SCHEDA
DI APPROFONDIMENTO.
Queste schede tecniche d’antiquariato sono state scritte
dall’antiquario Pierdario Santoro, per la rubrica mensile edita sulla rivista “L’Informatore
Europeo”. L’originale è corredato da foto e didascalie, qui non riportate. Si ringrazia per
la collaborazione la Professoressa Mara Bortolotto, perito d'Arte presso il
Tribunale di Bologna (www.peritoarte.it).
La raffigurazione sulle superfici. Il disegno.

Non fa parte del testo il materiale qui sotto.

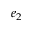
e _ { 2 }
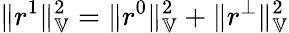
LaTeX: \| r^{1}\| _{\mathbb{V}}^{2}=\| r^{0}\| _{\mathbb{V}}^{2}+\| r^{\perp}\| _{\mathbb{V}}^{2}
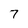
Character: 7
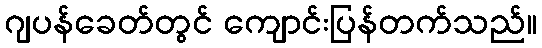
ဂျပန်ခေတ်တွင် ကျောင်းပြန်တက်သည်။
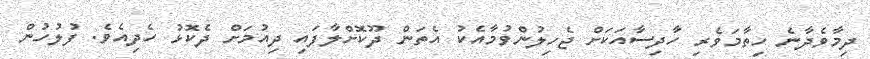
ދިމާވެދާނެ ހިތާމަވެރި ހާދިސާއަކަށް ޖެހިލުންވުމާއެކު އެތަން ދޫކޮށްލާފައި ދިއުމަށް ދެކޮޅު ހެދިއެވެ. ފުލުހުން
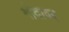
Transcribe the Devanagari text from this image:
गोदावर
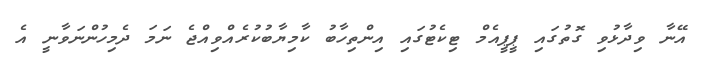
އޭނާ ވިދާޅުވި ގޮތުގައި ޕީޕީއެމް ޓިކެޓުގައި އިންތިހާބު ކާމިޔާބުކުރެއްވިއްޖެ ނަމަ ދެމިހުންނަވާނީ އެ
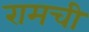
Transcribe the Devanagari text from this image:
रामची
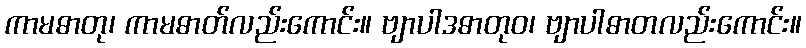
ကာမဓာတု၊ ကာမဓာတ်လည်းကောင်း။ ဗျာပါဒဓာတုဝ၊ ဗျာပါဓာတလည်းကောင်း။
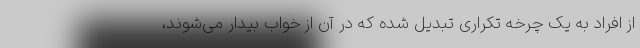
از افراد به یک چرخه تکراری تبدیل شده که در آن از خواب بیدار می‌شوند،
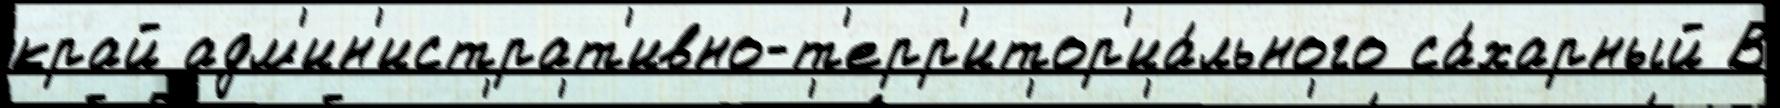
край адм'ин'истрат'ивно-т'ерр'итор'иа́льного са́харный В
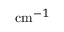
\mathrm { c m } ^ { - 1 }
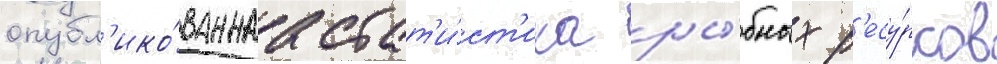
опубл'ико́ваннаа стат'и́ст'ика ры́бных р'есу́рсов
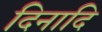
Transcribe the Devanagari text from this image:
दिनादि
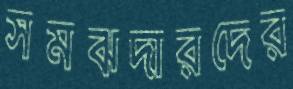
সমঝদারদের
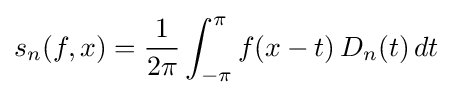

Cercheremo in questa e nelle prossime schede di analizzare i
particolari tecnici, che hanno permesso di decorare le superfici: sia quelle
piane, affreschi, dipinti ecc, sia quelle concave o convesse ad esempio di
statue.
Il termine grafia
designava in greco sia la scrittura che il disegno. In Cina ed in Giappone un
unico termine indica tuttora sia il disegno, che la pittura e la scrittura. Con
i greci ed i romani si distingue tra la pittura e la grafia. In italiano,
francese e spagnolo il termine attuale deriva dal latino designare. Il disegno si distingue dalle altre tecniche pittoriche
soprattutto per le dimensioni ed i tempi di esecuzione, che per motivi pratici
non possono essere eccessivi.
Il più antico strumento per disegnare fu probabilmente il
carboncino. Quello che tuttora usiamo non si differenzia sostanzialmente da
quello utilizzato in epoca preistorica per disegnare sulle pareti delle
caverne. Esso, denominato anche carbonella
o fusillagine,
si otteneva dalla lenta cottura, entro recipienti di argilla sigillati, di
rametti di salice, di vite o di altri legni. Oggi avviene lo stesso, ma con
l’utilizzo di forni appositi. Il rametto così carbonizzato può essere usato
direttamente, dopo averlo appuntito o in polvere spandendolo, con le dita o con
attrezzi vari, oggi prevale l’uso di carboncini pressati o di pratiche matite a
carboncino.
I disegni a carboncino sono molto delicati perché le particelle
di carbone sono inerti e si staccano facilmente dal supporto, per questo motivo
è necessario fissarle con un fissante. In passato si utilizzava ad esempio la
gomma arabica, che veniva spruzzata diluita. Dal XIX secolo si è impiegata la
gommalacca disciolta in alcol. Oggi esistono fissativi in bombolette, che
utilizzano prodotti industriali. Il tipo di fissante utilizzato può già essere
una traccia di possibile datazione del manufatto. Spesso per evitare macchie o
sbavature si fissa il disegno man mano che si procede alle varie fasi
esecutive.
Un altro sistema per rendere adesivo il carboncino è quello di
immergere i rametti in olio, ma i risultati non sono dei migliori perché l’olio
tende ad impregnare i supporti macchiandoli.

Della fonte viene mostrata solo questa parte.